The bonds maturing further out have been off the shelves, as the notes on the shorter end of the yield curve tended to get bought by investors who want to hold on to the debt, said Richard Saperstein, managing director at Treasury Partners at HighTower.

As exciting as it may be, Apple bonds may not be available to small investors. Goldman Sachs Group and Deutsche Bank AG are overseeing Apple’s bond issue and they are looking out for institutional investors that can buy large blocks of bonds. Eventually, the institutional investors can sell these bonds to retail investors in the market. Goldman Sachs Group Inc. earned $38.3 million and Deutsche Bank AG got $9.3 million for underwriting the first and largest-ever debt issuance by a company, Tuesday’s $17 billion offering by Apple Inc.

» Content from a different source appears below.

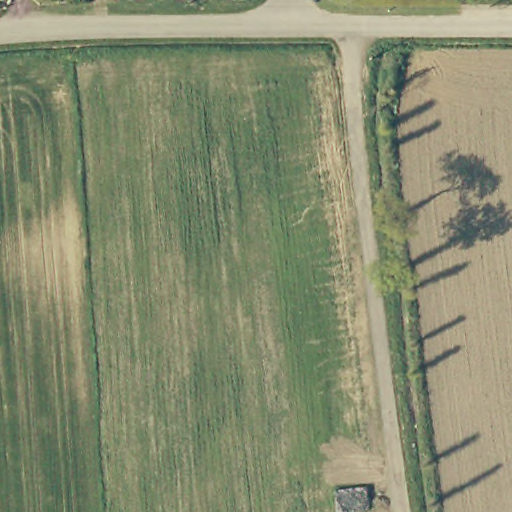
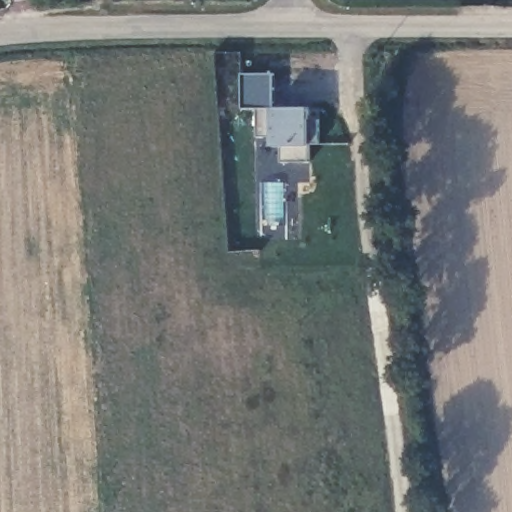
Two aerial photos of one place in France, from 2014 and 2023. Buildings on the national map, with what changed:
new [(273,75),(274,108),(310,107),(310,120),(318,120),(319,142),(310,143),(310,146),(309,161),(281,162),(281,145),(275,146),(275,136),(259,137),(259,109),(244,108),(243,75),(273,75)]

Apple issued the bonds to help fund its plan to return $100 billion to shareholders, announced last week. Though the technology company has $144 billion in cash, much of that is held overseas. By selling bonds, it can avoid having to pay taxes on the repatriation of those funds.

On the other hand, Apple stock  trades at roughly $444, down from its $700 high last fall. However, Apple is still generating a lot of sales of iPhone, iPad, and iPods. This cash-generating stock is set to receive major returns by 2014 and 2015 and share buyback is on the way. Now, that Tim Cook has taken care of the financials, he should probably go back to software and hardware dirty jobs. Surely, consumers and investors will be delighted.